## TO DO:
The records underneath are to be printed in full and exactly, with no pictures carried over.

Items from a dataset:
-- Opening Marker --
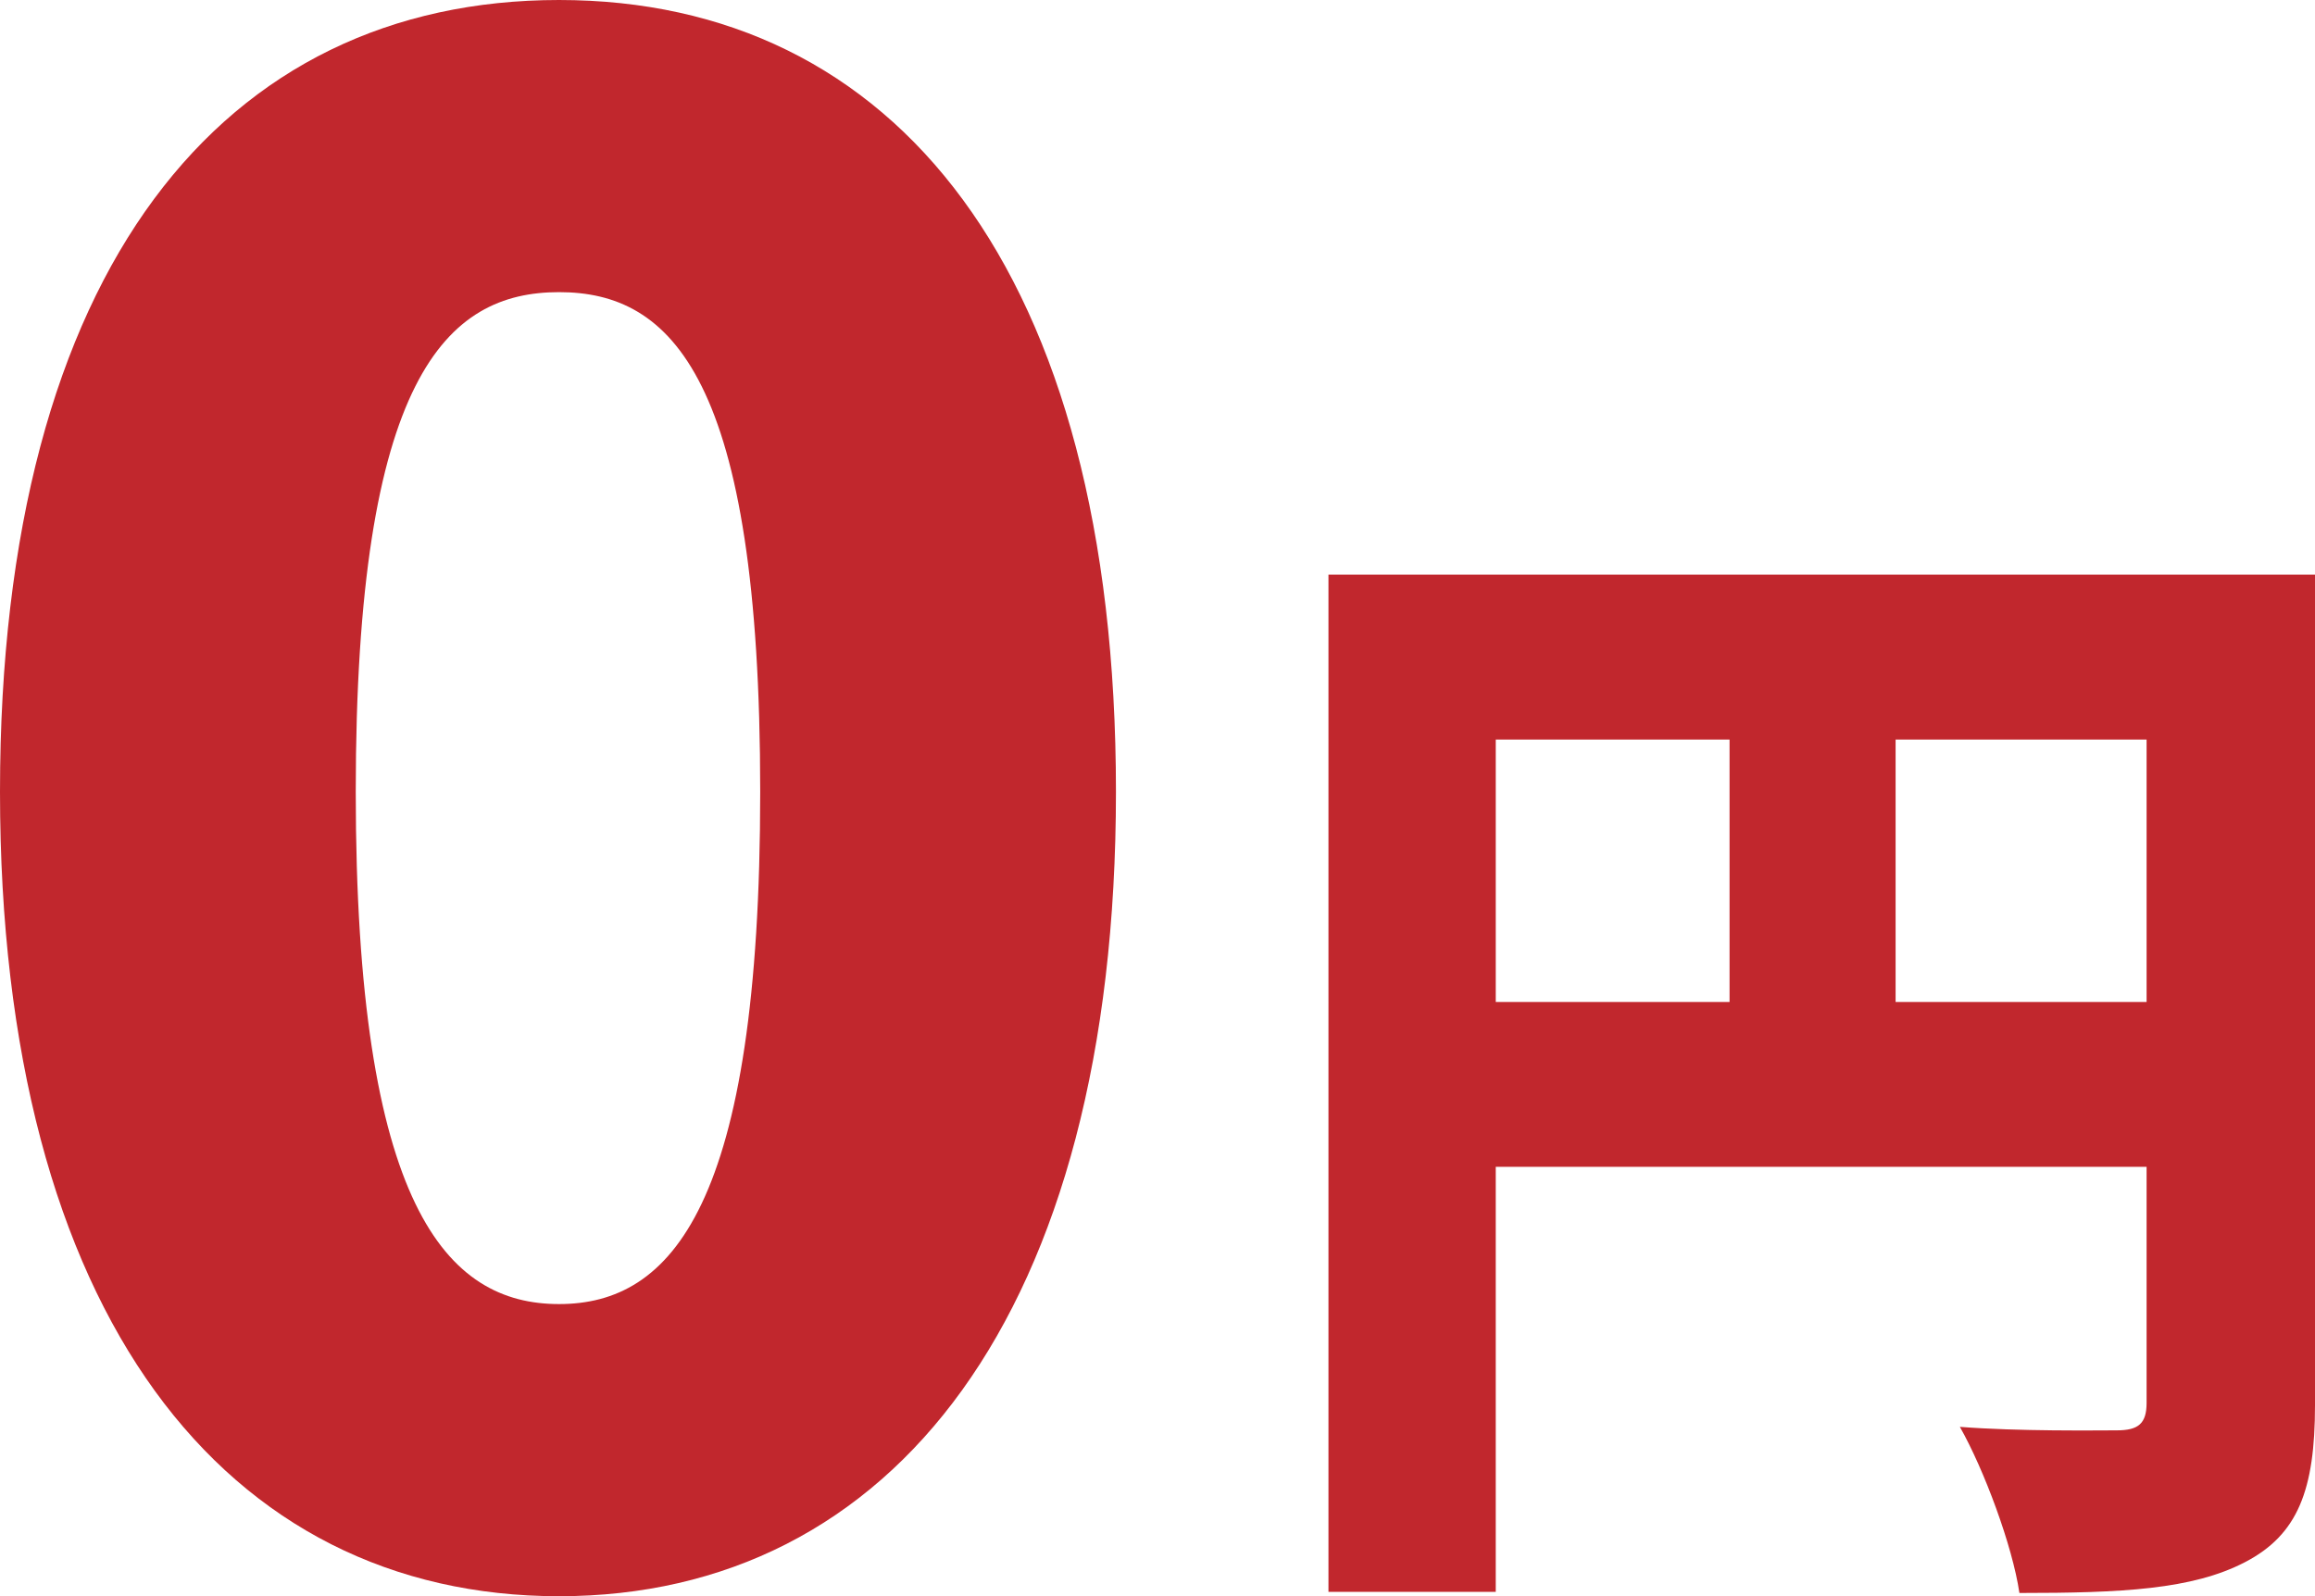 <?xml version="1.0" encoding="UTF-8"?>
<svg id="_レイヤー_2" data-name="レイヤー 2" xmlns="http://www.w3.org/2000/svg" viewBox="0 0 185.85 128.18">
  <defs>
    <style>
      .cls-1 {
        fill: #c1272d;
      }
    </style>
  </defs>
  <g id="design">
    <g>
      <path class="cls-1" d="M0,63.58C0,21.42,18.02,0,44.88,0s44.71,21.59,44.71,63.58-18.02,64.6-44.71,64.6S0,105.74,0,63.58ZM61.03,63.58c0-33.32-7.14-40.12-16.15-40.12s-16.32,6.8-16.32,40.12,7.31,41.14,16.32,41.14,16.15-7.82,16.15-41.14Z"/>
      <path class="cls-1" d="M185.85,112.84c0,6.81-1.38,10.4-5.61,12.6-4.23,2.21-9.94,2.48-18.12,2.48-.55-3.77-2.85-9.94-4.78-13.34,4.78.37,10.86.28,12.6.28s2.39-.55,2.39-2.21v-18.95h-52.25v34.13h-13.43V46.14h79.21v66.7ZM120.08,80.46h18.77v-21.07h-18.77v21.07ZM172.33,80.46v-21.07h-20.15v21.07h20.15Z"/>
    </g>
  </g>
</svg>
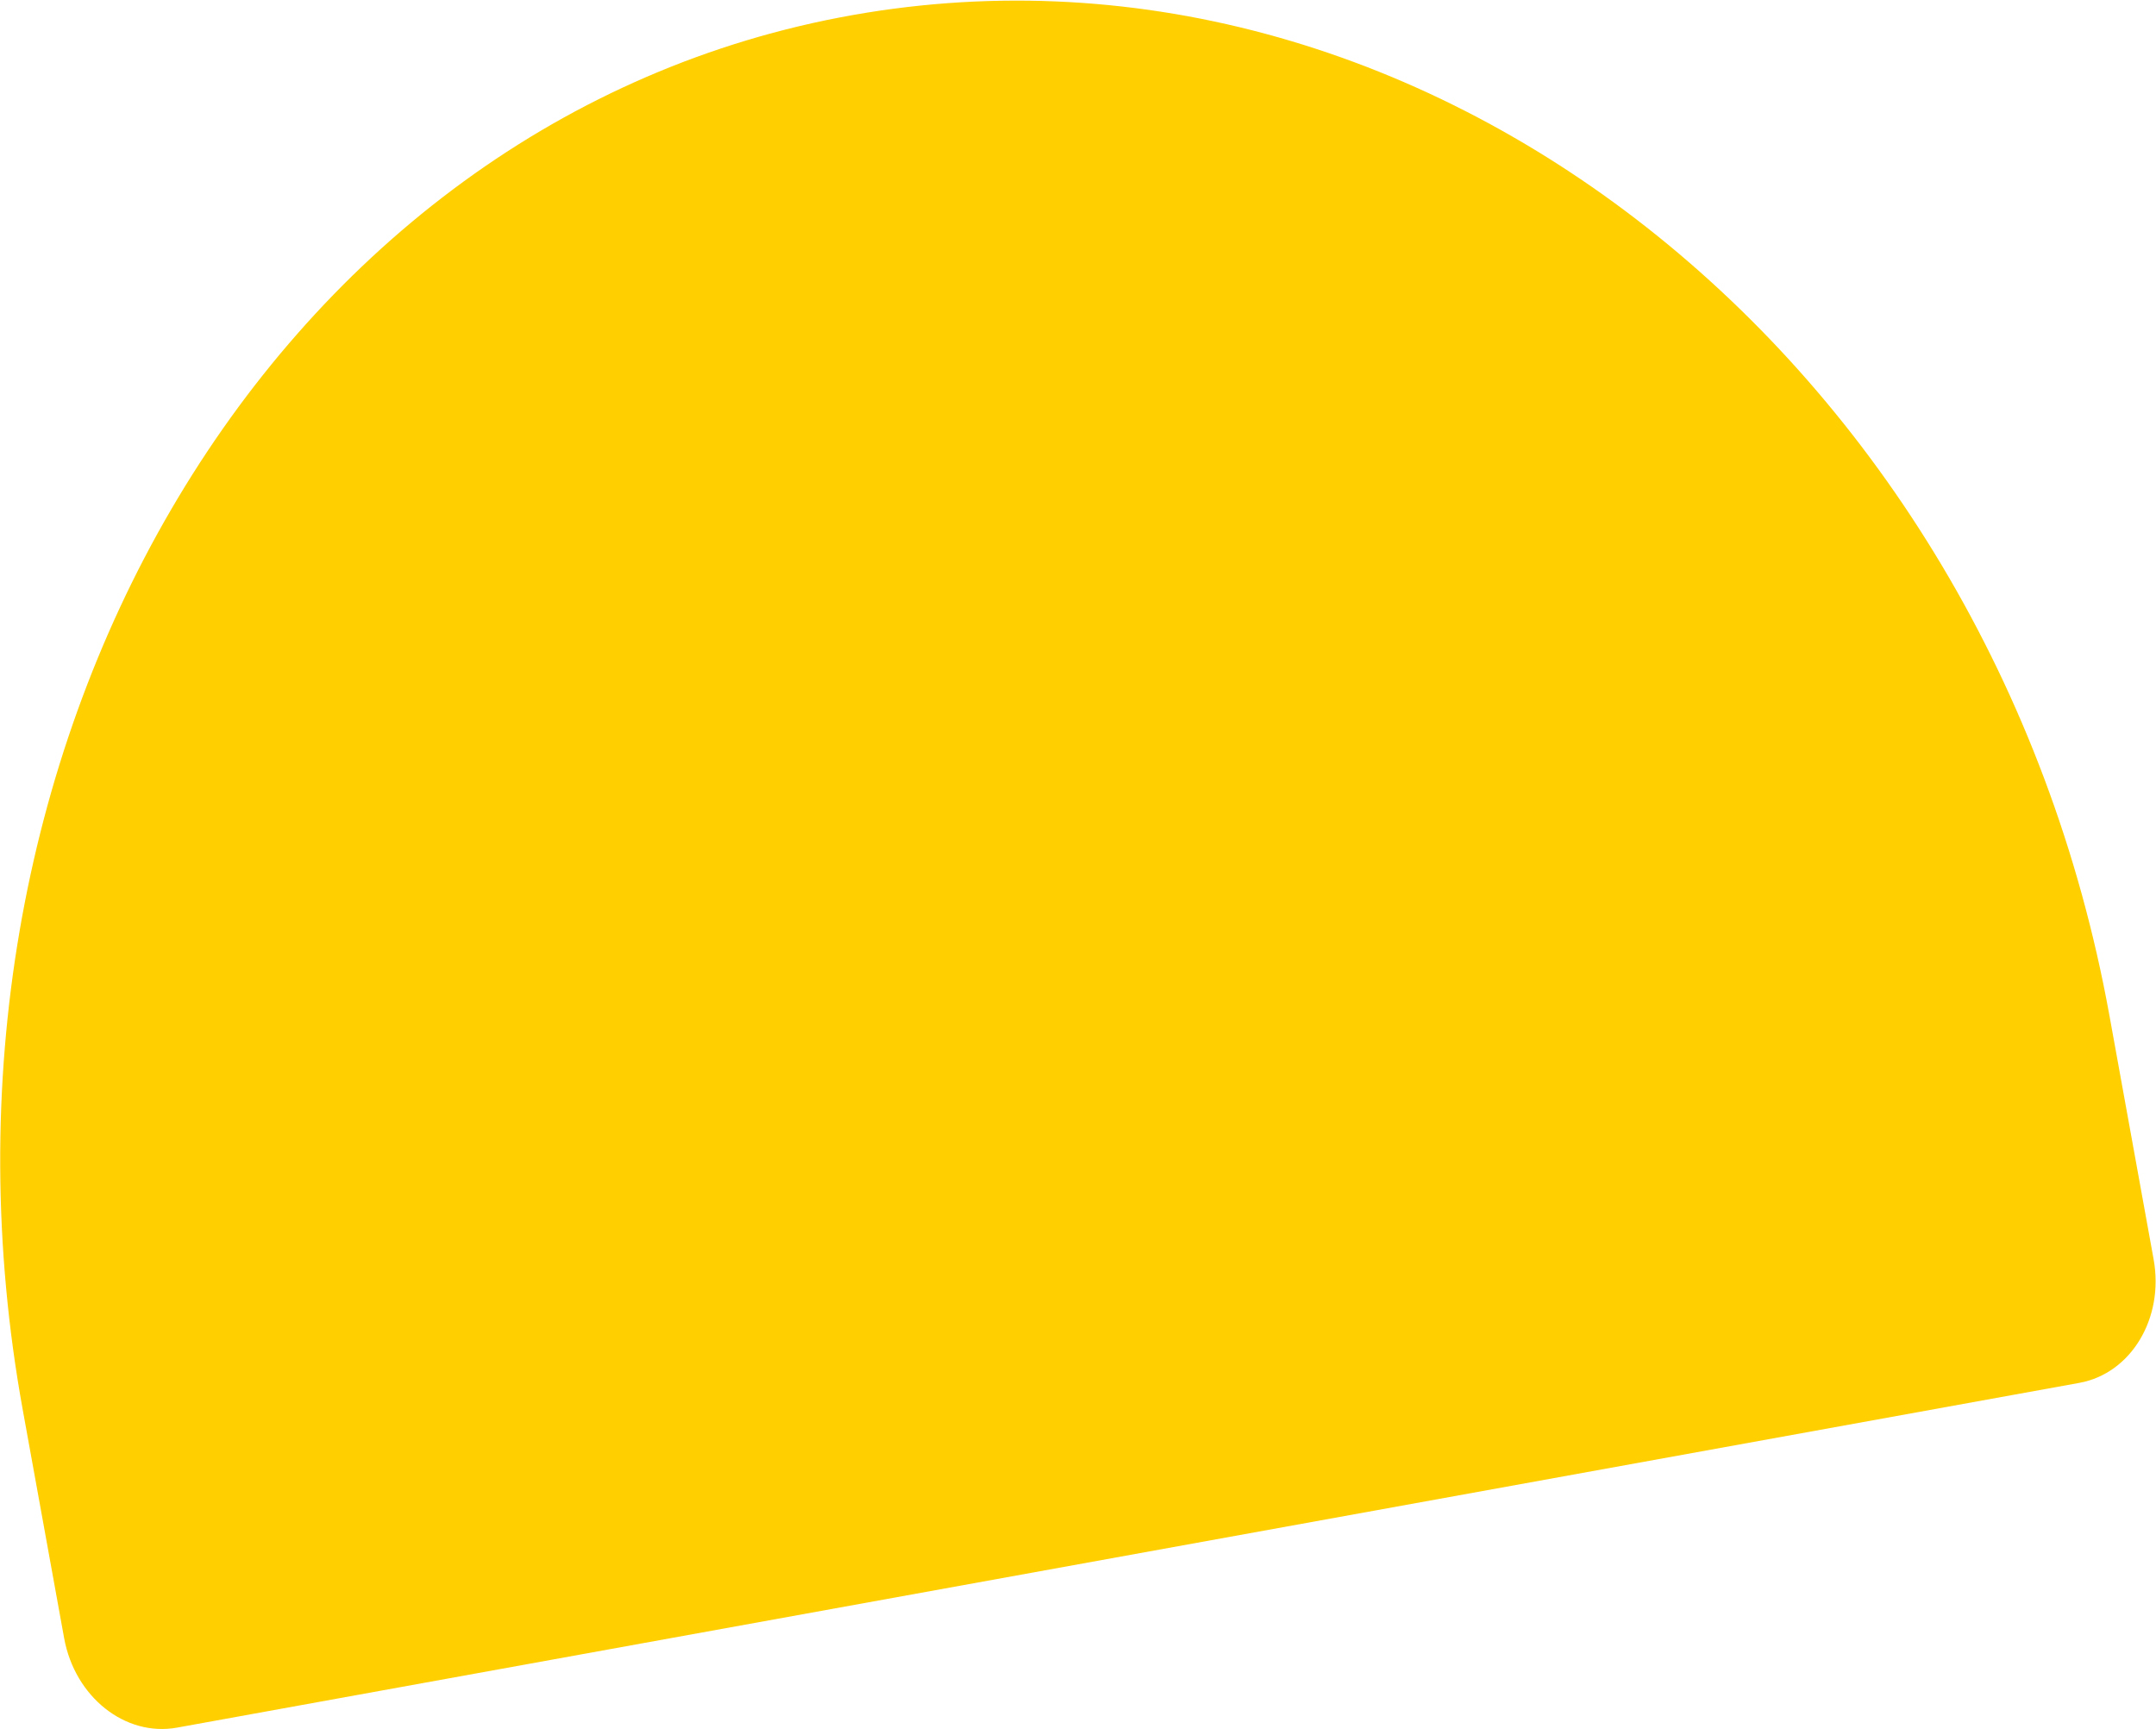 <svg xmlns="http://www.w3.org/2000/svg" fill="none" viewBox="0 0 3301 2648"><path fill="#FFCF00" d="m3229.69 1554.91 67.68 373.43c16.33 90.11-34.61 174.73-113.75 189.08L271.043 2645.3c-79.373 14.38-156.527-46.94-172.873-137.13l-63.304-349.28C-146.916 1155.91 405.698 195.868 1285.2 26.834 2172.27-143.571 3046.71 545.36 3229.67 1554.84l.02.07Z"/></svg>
-- Closing Marker --
## EXERCISE RESULT:
 <?xml version="1.0" encoding="UTF-8"?>
<svg id="_レイヤー_2" data-name="レイヤー 2" xmlns="http://www.w3.org/2000/svg" viewBox="0 0 185.85 128.18">
  <defs>
    <style>
      .cls-1 {
        fill: #c1272d;
      }
    </style>
  </defs>
  <g id="design">
    <g>
      <path class="cls-1" d="M0,63.58C0,21.42,18.02,0,44.88,0s44.71,21.59,44.71,63.58-18.02,64.6-44.71,64.6S0,105.74,0,63.58ZM61.03,63.58c0-33.32-7.14-40.12-16.15-40.12s-16.32,6.8-16.32,40.12,7.31,41.14,16.32,41.14,16.15-7.82,16.15-41.14Z"/>
      <path class="cls-1" d="M185.85,112.84c0,6.81-1.38,10.4-5.61,12.6-4.23,2.21-9.94,2.48-18.12,2.48-.55-3.77-2.85-9.94-4.78-13.34,4.78.37,10.86.28,12.6.28s2.39-.55,2.39-2.21v-18.95h-52.25v34.13h-13.43V46.14h79.21v66.7ZM120.08,80.46h18.77v-21.07h-18.77v21.07ZM172.33,80.46v-21.07h-20.15v21.07h20.15Z"/>
    </g>
  </g>
</svg>
 <svg xmlns="http://www.w3.org/2000/svg" fill="none" viewBox="0 0 3301 2648"><path fill="#FFCF00" d="m3229.69 1554.91 67.68 373.43c16.33 90.11-34.61 174.73-113.75 189.08L271.043 2645.3c-79.373 14.38-156.527-46.94-172.873-137.13l-63.304-349.28C-146.916 1155.91 405.698 195.868 1285.2 26.834 2172.27-143.571 3046.71 545.36 3229.67 1554.84l.02.07Z"/></svg>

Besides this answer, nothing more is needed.